[[ RECORDS SUPPLIED, beginning ]]

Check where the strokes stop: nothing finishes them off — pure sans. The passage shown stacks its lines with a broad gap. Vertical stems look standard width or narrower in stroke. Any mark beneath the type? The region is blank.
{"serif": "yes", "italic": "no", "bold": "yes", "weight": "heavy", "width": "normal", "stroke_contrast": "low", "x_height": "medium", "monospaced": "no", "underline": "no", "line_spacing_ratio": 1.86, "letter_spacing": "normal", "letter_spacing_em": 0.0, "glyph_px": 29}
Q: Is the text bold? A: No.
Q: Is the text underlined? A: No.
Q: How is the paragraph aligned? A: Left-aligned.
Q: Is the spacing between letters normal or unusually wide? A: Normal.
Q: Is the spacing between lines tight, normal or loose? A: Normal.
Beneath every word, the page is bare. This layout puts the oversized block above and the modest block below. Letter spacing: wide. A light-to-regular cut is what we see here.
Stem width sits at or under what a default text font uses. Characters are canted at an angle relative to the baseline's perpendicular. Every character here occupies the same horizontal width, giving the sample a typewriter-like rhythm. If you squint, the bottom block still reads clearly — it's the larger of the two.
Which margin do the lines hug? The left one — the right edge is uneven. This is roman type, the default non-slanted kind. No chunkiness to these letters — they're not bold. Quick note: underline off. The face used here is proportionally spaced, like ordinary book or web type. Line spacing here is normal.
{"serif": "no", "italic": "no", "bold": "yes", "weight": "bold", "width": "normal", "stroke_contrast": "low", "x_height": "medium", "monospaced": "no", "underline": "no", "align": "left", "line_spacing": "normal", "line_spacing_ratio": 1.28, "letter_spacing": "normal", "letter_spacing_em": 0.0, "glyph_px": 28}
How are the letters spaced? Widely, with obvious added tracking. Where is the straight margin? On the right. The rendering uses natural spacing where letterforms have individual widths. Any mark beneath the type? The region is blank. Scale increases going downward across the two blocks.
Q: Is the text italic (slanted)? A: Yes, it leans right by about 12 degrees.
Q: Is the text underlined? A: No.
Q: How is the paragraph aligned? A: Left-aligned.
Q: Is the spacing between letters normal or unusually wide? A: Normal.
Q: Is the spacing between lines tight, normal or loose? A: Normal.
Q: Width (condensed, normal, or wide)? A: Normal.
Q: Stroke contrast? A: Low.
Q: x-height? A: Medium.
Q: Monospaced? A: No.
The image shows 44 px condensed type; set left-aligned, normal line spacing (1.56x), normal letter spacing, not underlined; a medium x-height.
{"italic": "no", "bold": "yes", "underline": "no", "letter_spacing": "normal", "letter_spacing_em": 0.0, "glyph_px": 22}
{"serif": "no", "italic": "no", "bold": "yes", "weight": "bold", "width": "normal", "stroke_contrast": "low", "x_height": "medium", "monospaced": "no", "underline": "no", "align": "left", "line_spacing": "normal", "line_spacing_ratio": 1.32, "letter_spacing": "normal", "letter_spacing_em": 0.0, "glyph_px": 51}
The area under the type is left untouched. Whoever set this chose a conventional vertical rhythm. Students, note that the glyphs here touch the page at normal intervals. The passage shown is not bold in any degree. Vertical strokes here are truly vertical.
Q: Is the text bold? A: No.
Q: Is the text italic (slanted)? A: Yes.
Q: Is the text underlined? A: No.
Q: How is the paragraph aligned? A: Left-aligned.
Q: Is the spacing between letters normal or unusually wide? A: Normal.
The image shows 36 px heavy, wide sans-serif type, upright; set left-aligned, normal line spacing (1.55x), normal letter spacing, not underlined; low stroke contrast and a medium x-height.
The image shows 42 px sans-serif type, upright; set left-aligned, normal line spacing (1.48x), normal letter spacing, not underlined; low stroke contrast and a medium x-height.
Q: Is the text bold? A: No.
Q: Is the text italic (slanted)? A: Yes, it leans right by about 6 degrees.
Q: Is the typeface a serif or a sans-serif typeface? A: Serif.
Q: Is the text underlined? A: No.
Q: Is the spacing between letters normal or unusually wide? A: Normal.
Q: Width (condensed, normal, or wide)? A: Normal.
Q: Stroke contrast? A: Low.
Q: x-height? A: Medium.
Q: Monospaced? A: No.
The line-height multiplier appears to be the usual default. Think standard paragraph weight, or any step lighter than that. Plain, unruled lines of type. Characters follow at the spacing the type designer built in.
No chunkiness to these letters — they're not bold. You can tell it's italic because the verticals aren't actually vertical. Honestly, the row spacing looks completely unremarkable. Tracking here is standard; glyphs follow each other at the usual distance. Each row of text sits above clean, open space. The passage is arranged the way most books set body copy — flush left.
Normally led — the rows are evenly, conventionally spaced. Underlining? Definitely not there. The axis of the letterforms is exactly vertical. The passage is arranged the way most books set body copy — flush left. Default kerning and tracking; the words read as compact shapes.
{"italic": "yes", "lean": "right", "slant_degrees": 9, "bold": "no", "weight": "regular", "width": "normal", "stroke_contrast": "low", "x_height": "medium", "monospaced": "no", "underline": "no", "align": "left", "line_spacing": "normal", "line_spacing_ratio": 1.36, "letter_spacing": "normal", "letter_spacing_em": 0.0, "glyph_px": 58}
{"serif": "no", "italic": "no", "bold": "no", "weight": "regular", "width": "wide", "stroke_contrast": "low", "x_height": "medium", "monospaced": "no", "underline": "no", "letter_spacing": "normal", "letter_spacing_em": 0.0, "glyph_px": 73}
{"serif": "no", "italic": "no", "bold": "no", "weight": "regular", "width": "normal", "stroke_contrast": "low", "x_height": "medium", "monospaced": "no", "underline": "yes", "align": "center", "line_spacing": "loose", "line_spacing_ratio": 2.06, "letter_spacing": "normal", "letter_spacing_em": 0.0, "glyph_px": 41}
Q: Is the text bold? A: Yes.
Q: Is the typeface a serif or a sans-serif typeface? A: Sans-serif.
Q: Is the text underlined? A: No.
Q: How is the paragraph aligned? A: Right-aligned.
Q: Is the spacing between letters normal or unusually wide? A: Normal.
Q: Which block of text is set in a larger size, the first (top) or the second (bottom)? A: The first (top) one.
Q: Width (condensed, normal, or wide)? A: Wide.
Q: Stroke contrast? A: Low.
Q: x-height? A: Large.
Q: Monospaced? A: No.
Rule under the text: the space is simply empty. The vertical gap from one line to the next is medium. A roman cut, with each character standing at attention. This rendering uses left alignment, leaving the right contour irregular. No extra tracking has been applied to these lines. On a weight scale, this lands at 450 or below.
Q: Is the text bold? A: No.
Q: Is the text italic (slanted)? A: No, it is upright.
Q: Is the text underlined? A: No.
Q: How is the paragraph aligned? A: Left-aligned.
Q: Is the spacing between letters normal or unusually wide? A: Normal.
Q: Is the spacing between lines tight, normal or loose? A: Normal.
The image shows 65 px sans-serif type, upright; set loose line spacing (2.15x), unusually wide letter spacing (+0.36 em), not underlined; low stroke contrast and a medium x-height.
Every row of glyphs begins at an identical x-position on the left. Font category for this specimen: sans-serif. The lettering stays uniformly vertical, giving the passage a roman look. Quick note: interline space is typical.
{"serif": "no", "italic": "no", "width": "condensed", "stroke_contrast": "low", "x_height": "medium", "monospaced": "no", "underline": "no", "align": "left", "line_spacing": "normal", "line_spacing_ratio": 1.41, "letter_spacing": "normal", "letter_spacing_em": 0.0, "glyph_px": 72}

[[ RECORDS SUPPLIED, end ]]

* WORK INSTRUCTIONS:
Transcribe all of the material above so that it matches the source exactly.

* RESULT OF THE TASK:
Check where the strokes stop: nothing finishes them off — pure sans. The passage shown stacks its lines with a broad gap. Vertical stems look standard width or narrower in stroke. Any mark beneath the type? The region is blank.
{"serif": "yes", "italic": "no", "bold": "yes", "weight": "heavy", "width": "normal", "stroke_contrast": "low", "x_height": "medium", "monospaced": "no", "underline": "no", "line_spacing_ratio": 1.86, "letter_spacing": "normal", "letter_spacing_em": 0.0, "glyph_px": 29}
Q: Is the text bold? A: No.
Q: Is the text underlined? A: No.
Q: How is the paragraph aligned? A: Left-aligned.
Q: Is the spacing between letters normal or unusually wide? A: Normal.
Q: Is the spacing between lines tight, normal or loose? A: Normal.
Beneath every word, the page is bare. This layout puts the oversized block above and the modest block below. Letter spacing: wide. A light-to-regular cut is what we see here.
Stem width sits at or under what a default text font uses. Characters are canted at an angle relative to the baseline's perpendicular. Every character here occupies the same horizontal width, giving the sample a typewriter-like rhythm. If you squint, the bottom block still reads clearly — it's the larger of the two.
Which margin do the lines hug? The left one — the right edge is uneven. This is roman type, the default non-slanted kind. No chunkiness to these letters — they're not bold. Quick note: underline off. The face used here is proportionally spaced, like ordinary book or web type. Line spacing here is normal.
{"serif": "no", "italic": "no", "bold": "yes", "weight": "bold", "width": "normal", "stroke_contrast": "low", "x_height": "medium", "monospaced": "no", "underline": "no", "align": "left", "line_spacing": "normal", "line_spacing_ratio": 1.28, "letter_spacing": "normal", "letter_spacing_em": 0.0, "glyph_px": 28}
How are the letters spaced? Widely, with obvious added tracking. Where is the straight margin? On the right. The rendering uses natural spacing where letterforms have individual widths. Any mark beneath the type? The region is blank. Scale increases going downward across the two blocks.
Q: Is the text italic (slanted)? A: Yes, it leans right by about 12 degrees.
Q: Is the text underlined? A: No.
Q: How is the paragraph aligned? A: Left-aligned.
Q: Is the spacing between letters normal or unusually wide? A: Normal.
Q: Is the spacing between lines tight, normal or loose? A: Normal.
Q: Width (condensed, normal, or wide)? A: Normal.
Q: Stroke contrast? A: Low.
Q: x-height? A: Medium.
Q: Monospaced? A: No.
The image shows 44 px condensed type; set left-aligned, normal line spacing (1.56x), normal letter spacing, not underlined; a medium x-height.
{"italic": "no", "bold": "yes", "underline": "no", "letter_spacing": "normal", "letter_spacing_em": 0.0, "glyph_px": 22}
{"serif": "no", "italic": "no", "bold": "yes", "weight": "bold", "width": "normal", "stroke_contrast": "low", "x_height": "medium", "monospaced": "no", "underline": "no", "align": "left", "line_spacing": "normal", "line_spacing_ratio": 1.32, "letter_spacing": "normal", "letter_spacing_em": 0.0, "glyph_px": 51}
The area under the type is left untouched. Whoever set this chose a conventional vertical rhythm. Students, note that the glyphs here touch the page at normal intervals. The passage shown is not bold in any degree. Vertical strokes here are truly vertical.
Q: Is the text bold? A: No.
Q: Is the text italic (slanted)? A: Yes.
Q: Is the text underlined? A: No.
Q: How is the paragraph aligned? A: Left-aligned.
Q: Is the spacing between letters normal or unusually wide? A: Normal.
The image shows 36 px heavy, wide sans-serif type, upright; set left-aligned, normal line spacing (1.55x), normal letter spacing, not underlined; low stroke contrast and a medium x-height.
The image shows 42 px sans-serif type, upright; set left-aligned, normal line spacing (1.48x), normal letter spacing, not underlined; low stroke contrast and a medium x-height.
Q: Is the text bold? A: No.
Q: Is the text italic (slanted)? A: Yes, it leans right by about 6 degrees.
Q: Is the typeface a serif or a sans-serif typeface? A: Serif.
Q: Is the text underlined? A: No.
Q: Is the spacing between letters normal or unusually wide? A: Normal.
Q: Width (condensed, normal, or wide)? A: Normal.
Q: Stroke contrast? A: Low.
Q: x-height? A: Medium.
Q: Monospaced? A: No.
The line-height multiplier appears to be the usual default. Think standard paragraph weight, or any step lighter than that. Plain, unruled lines of type. Characters follow at the spacing the type designer built in.
No chunkiness to these letters — they're not bold. You can tell it's italic because the verticals aren't actually vertical. Honestly, the row spacing looks completely unremarkable. Tracking here is standard; glyphs follow each other at the usual distance. Each row of text sits above clean, open space. The passage is arranged the way most books set body copy — flush left.
Normally led — the rows are evenly, conventionally spaced. Underlining? Definitely not there. The axis of the letterforms is exactly vertical. The passage is arranged the way most books set body copy — flush left. Default kerning and tracking; the words read as compact shapes.
{"italic": "yes", "lean": "right", "slant_degrees": 9, "bold": "no", "weight": "regular", "width": "normal", "stroke_contrast": "low", "x_height": "medium", "monospaced": "no", "underline": "no", "align": "left", "line_spacing": "normal", "line_spacing_ratio": 1.36, "letter_spacing": "normal", "letter_spacing_em": 0.0, "glyph_px": 58}
{"serif": "no", "italic": "no", "bold": "no", "weight": "regular", "width": "wide", "stroke_contrast": "low", "x_height": "medium", "monospaced": "no", "underline": "no", "letter_spacing": "normal", "letter_spacing_em": 0.0, "glyph_px": 73}
{"serif": "no", "italic": "no", "bold": "no", "weight": "regular", "width": "normal", "stroke_contrast": "low", "x_height": "medium", "monospaced": "no", "underline": "yes", "align": "center", "line_spacing": "loose", "line_spacing_ratio": 2.06, "letter_spacing": "normal", "letter_spacing_em": 0.0, "glyph_px": 41}
Q: Is the text bold? A: Yes.
Q: Is the typeface a serif or a sans-serif typeface? A: Sans-serif.
Q: Is the text underlined? A: No.
Q: How is the paragraph aligned? A: Right-aligned.
Q: Is the spacing between letters normal or unusually wide? A: Normal.
Q: Which block of text is set in a larger size, the first (top) or the second (bottom)? A: The first (top) one.
Q: Width (condensed, normal, or wide)? A: Wide.
Q: Stroke contrast? A: Low.
Q: x-height? A: Large.
Q: Monospaced? A: No.
Rule under the text: the space is simply empty. The vertical gap from one line to the next is medium. A roman cut, with each character standing at attention. This rendering uses left alignment, leaving the right contour irregular. No extra tracking has been applied to these lines. On a weight scale, this lands at 450 or below.
Q: Is the text bold? A: No.
Q: Is the text italic (slanted)? A: No, it is upright.
Q: Is the text underlined? A: No.
Q: How is the paragraph aligned? A: Left-aligned.
Q: Is the spacing between letters normal or unusually wide? A: Normal.
Q: Is the spacing between lines tight, normal or loose? A: Normal.
The image shows 65 px sans-serif type, upright; set loose line spacing (2.15x), unusually wide letter spacing (+0.36 em), not underlined; low stroke contrast and a medium x-height.
Every row of glyphs begins at an identical x-position on the left. Font category for this specimen: sans-serif. The lettering stays uniformly vertical, giving the passage a roman look. Quick note: interline space is typical.
{"serif": "no", "italic": "no", "width": "condensed", "stroke_contrast": "low", "x_height": "medium", "monospaced": "no", "underline": "no", "align": "left", "line_spacing": "normal", "line_spacing_ratio": 1.41, "letter_spacing": "normal", "letter_spacing_em": 0.0, "glyph_px": 72}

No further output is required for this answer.